Für Lichtenberger kommt es jetzt darauf an, dass sich die Parlamentarier mit der Masse der 216 Änderungsanträge (PDF) "nicht gegenseitig aus dem Feld werfen". Zu kurz gekommen sind ihr in der Debatte noch die Verbraucherrechte. Die Interoperabilität und Kompatibilität müsse gewährleistet werden, da die Nutzer sonst nicht unterschiedliche Geräte und Programme kombinieren könnten. Dazu bedürfe es gemeinsamer Schnittstellen. "Gerade hier haben große Hersteller wie Microsoft einen Weg entdeckt, um ihre dominante Marktposition zu vergrößern", warnt die Österreicherin vor einer Stärkung dieser Praktiken durch einen zu weiten Patentschutz. Auch für den Mittelstand stelle dies eine Bedrohung dar.

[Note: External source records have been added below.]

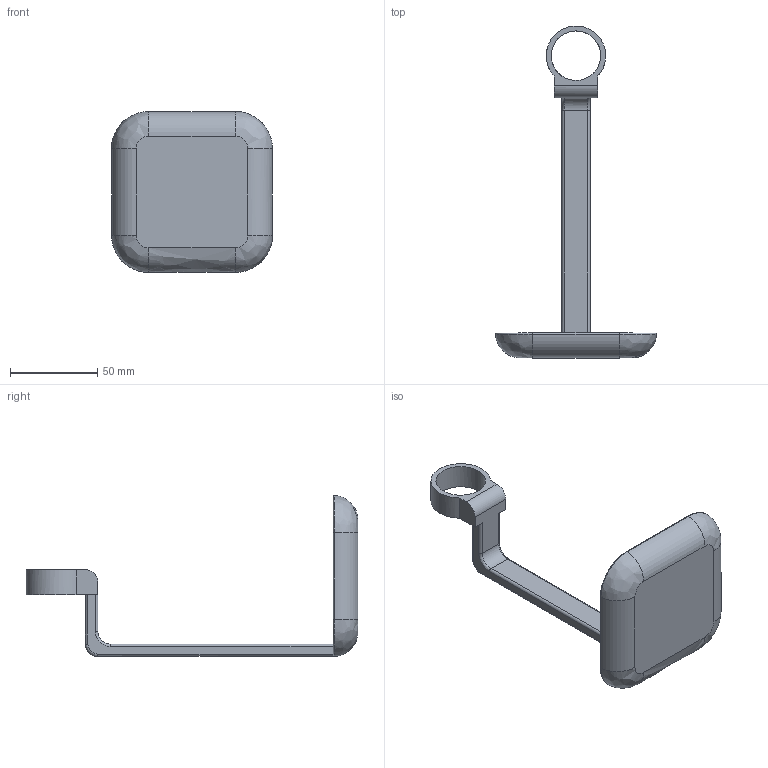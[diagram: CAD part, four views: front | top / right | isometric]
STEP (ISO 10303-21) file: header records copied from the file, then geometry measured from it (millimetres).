
FILE_DESCRIPTION(('FreeCAD Model'),'2;1');
FILE_NAME('Open CASCADE Shape Model','2025-05-01T09:54:11',('FreeCAD'),( 'FreeCAD'),'Open CASCADE STEP processor 7.6','FreeCAD','Unknown');
FILE_SCHEMA(('AUTOMOTIVE_DESIGN { 1 0 10303 214 1 1 1 1 }'));
Length unit declared in the file: millimetre
Products named in the file (1): Open CASCADE STEP translator 7.6 1
Bounding box: 92.35 x 190.45 x 92.37 mm (x, y, z)
Volume: 54527.9 mm3; surface area: 32031.3 mm2
Topology: 1 solids, 1 shells, 65 faces, 165 edges, 102 vertices
Faces by surface type: bspline 65
Entity records: 1911 total; most frequent: CARTESIAN_POINT 1009, ORIENTED_EDGE 330, EDGE_CURVE 165, VERTEX_POINT 102, B_SPLINE_CURVE_WITH_KNOTS 75, FACE_BOUND 67, EDGE_LOOP 67, ADVANCED_FACE 65

Auch der Ausschuss der Ständigen Vertretungen der EU-Mitgliedstaaten (Coreper), der die Sitzungen des EU-Rates vorbereitet, beschäftigt sich seit Freitag wieder mit dem heißen Eisen. Die Regierungsvertreter haben eine Prüfung der Parlamentseingaben zu ihrer eigenen Richtlinienversion in Angriff genommen, die sie im März nur mit einer Gewalt-Tour über die Runden brachten. Die Luxemburger Präsidentschaft geht demnach davon aus, dass die Abgeordneten das Konstrukt des Ministergremiums ablehnen und es zu einer Vermittlungsrunde nach der 2. Lesung kommt. Sie könnte sich aber auch für einen inoffiziellen Annäherungsversuch an den Rechtsausschuss vor der Abstimmung rüsten wollen.

Zu einer Demonstration gegen das "Trojanische Pferd" der Ratslinie rufen derweil für den 2. Juni die belgische Association Electronique Libre und OpenStandaarden nach Brüssel. Unterstützt wird die Aktion, die von einer Webdemo mit Bannern begleitet werden soll, unter anderem vom Förderverein für eine Freie Informationelle Infrastruktur (FFII) sowie den Grünen. Mitorganisator Mark Vandenborre hofft auf eine "Mobilisierung quer durch ganz Europa, damit die Patentlobby nicht mit ihrer Desinformationskampagne Erfolg hat."